Only remove inserts that are loose, because it's an otherwise risky endeavor.

Hard to say what someone else did to a pinball machine, but take lots of pictures as you go.

If you can safely remove and clean them, then epoxy them back in place, that would be the route I'd go.

#2745 8 years ago

Hey Vid, Being that PF color was laid down thick in the past I have small low spots down to the wood in allot of places. I have bondo spot filler putty, is that sufficient enough to fill those low spots to get them level with the entire surface again?

Thanks

#2746 8 years ago

The 2PAC usually fills in the low spots automatically, so normally you only use filler on missing wood.

#2747 8 years ago

The 2 pac does fill the low spots for me, but only so much and does not fill them completely.
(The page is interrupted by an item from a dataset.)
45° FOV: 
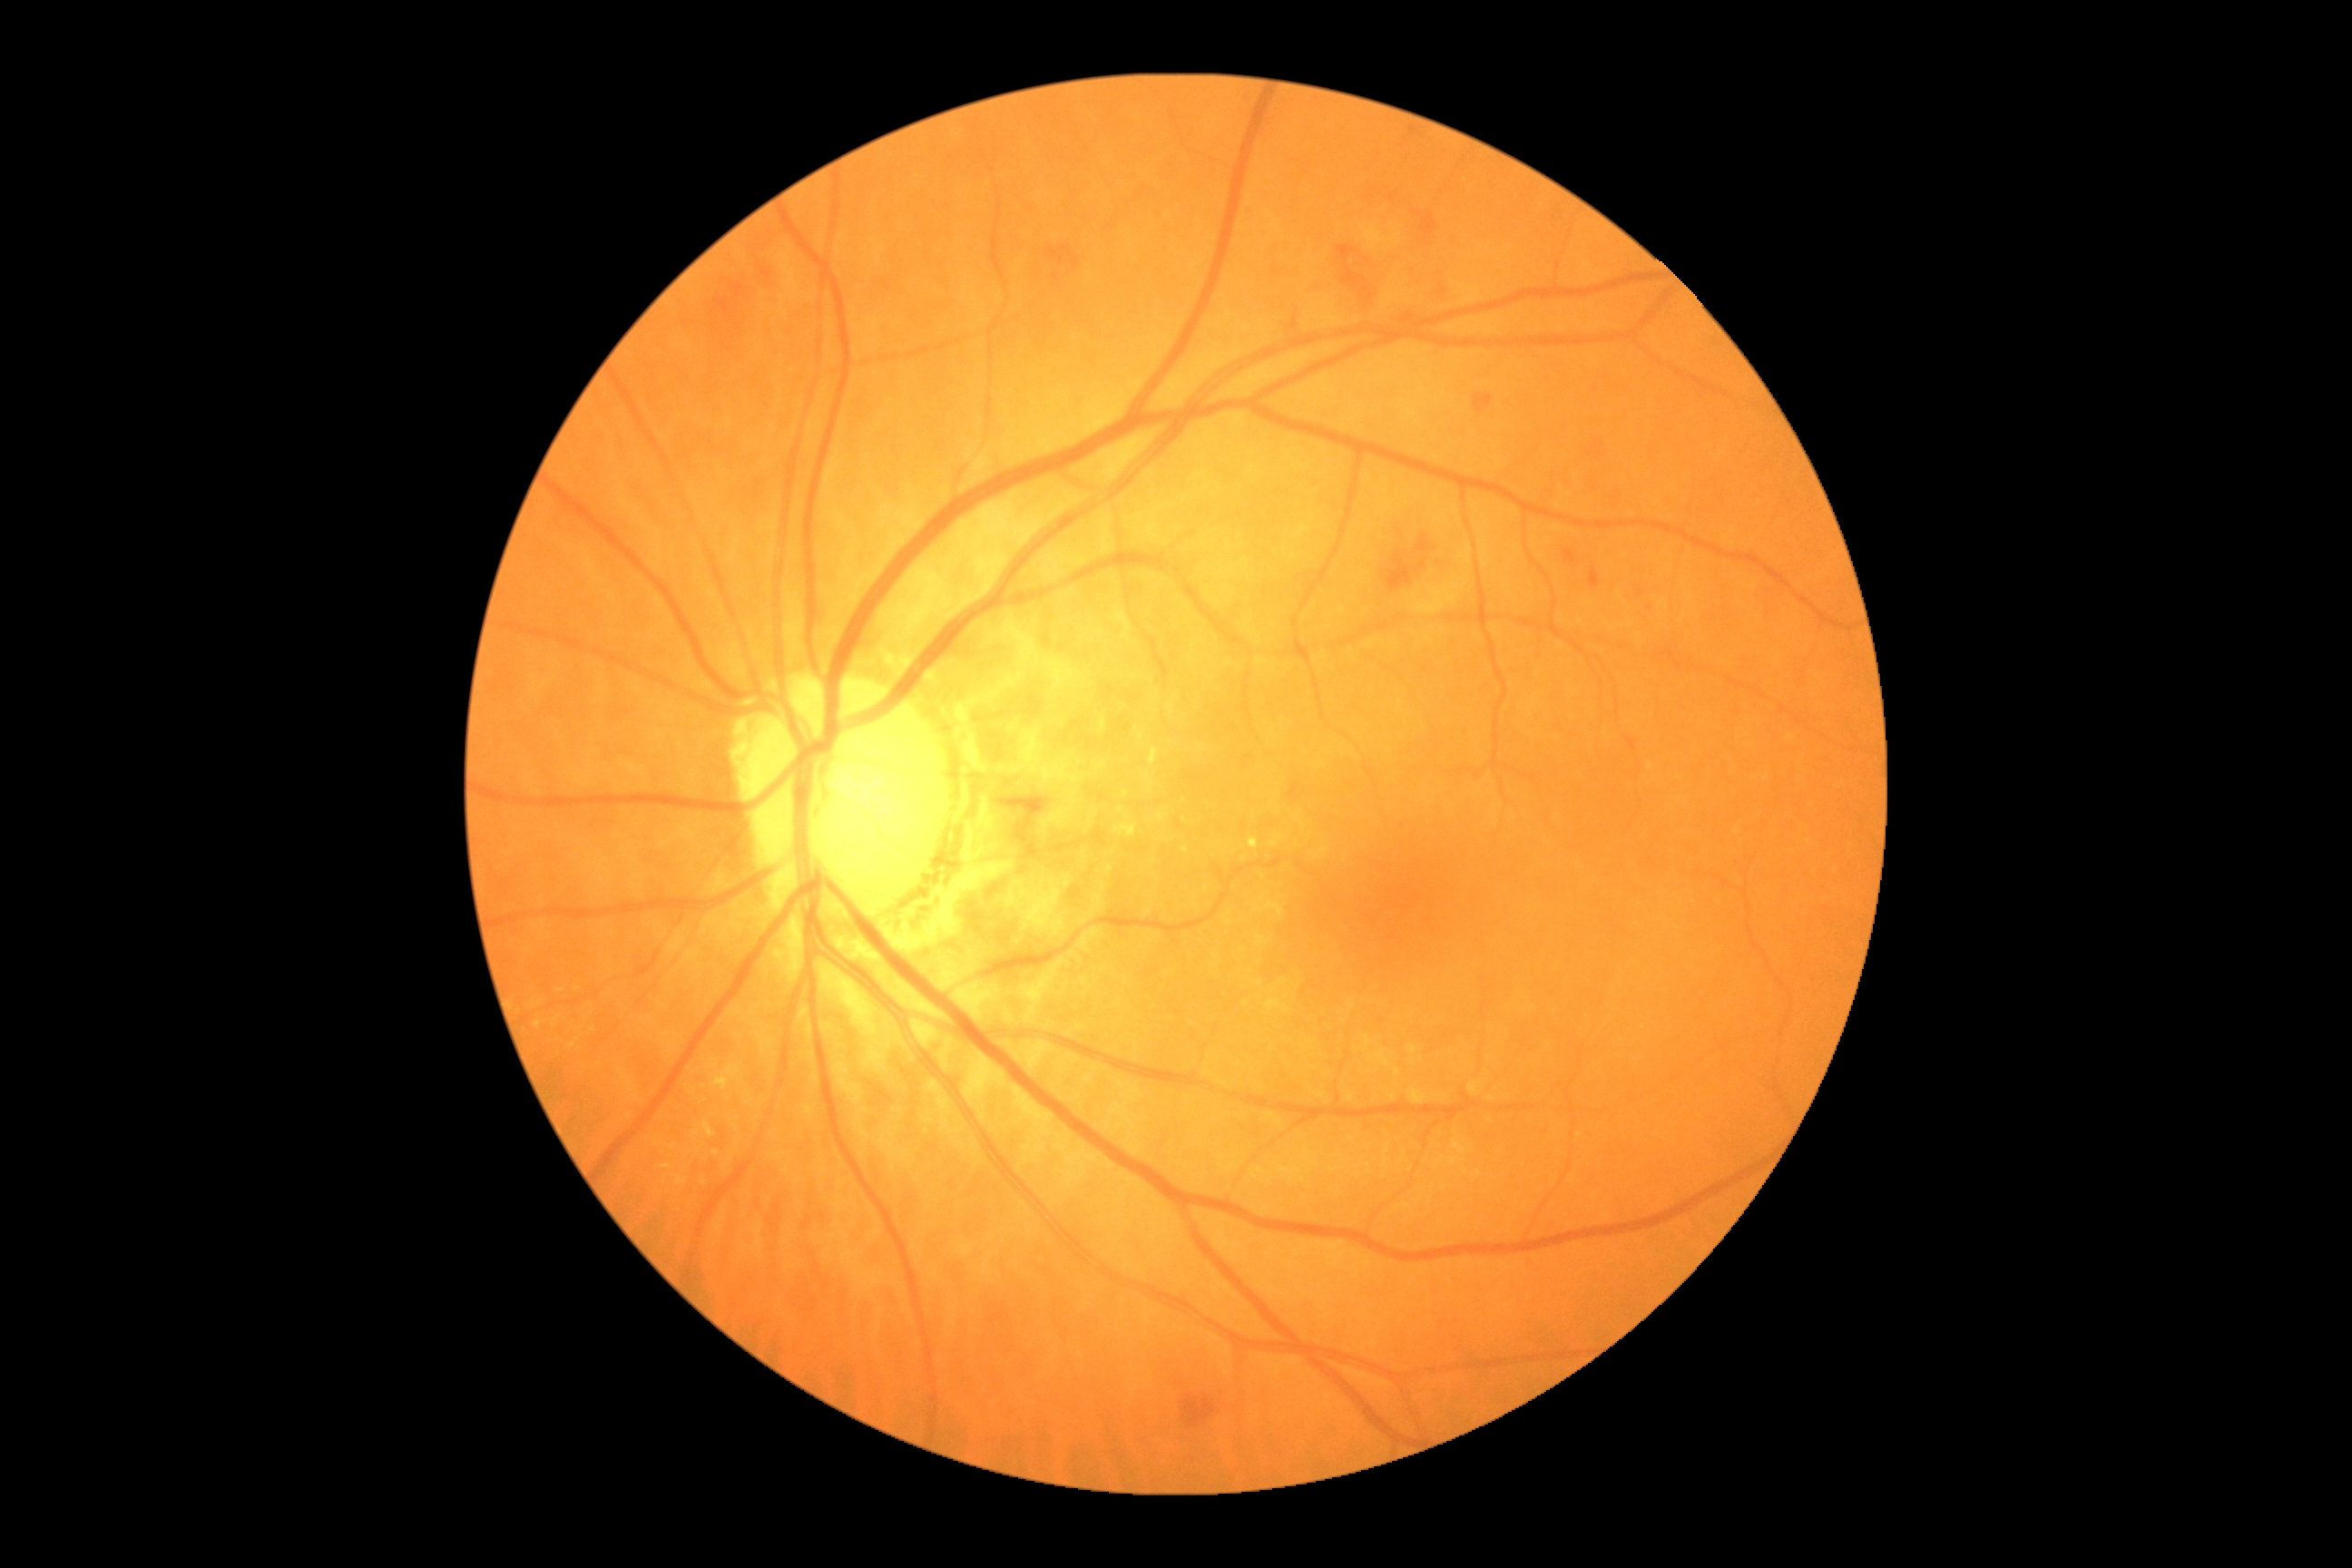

Should I just drip clear into those spots while the clear is still wet? It's going to take a long time if so because the low spots are abundant.

#2748 8 years ago

I usually drip clear into low spots before I spray on the clear coat.

#2749 8 years ago

image_(resized).jpegimage_(resized).jpegimage_(resized).jpegimage_(resized).jpegimage_(resized).jpegimage_(resized).jpegimage_(resized).jpegimage_(resized).jpeg

Since were on the topic of low spots heres one for ya. Picked up This is a JM yesterday and saw this gem while going through things with the owner. Looks like someone got pissed and slammed a ball down on Johhnys right eye causing a big divot ball mark. It does affect game play but not to much. Paint seems good but at top of divot u notice a little paint crack and also a black mark there from ball hitting it. That may clean off. Game is pretty clean and good restore candidate. I was just thinking to put mylar over until im ready to have it professionally fixed. From what i hear this pin would be great cleared! Merry Christmas!!!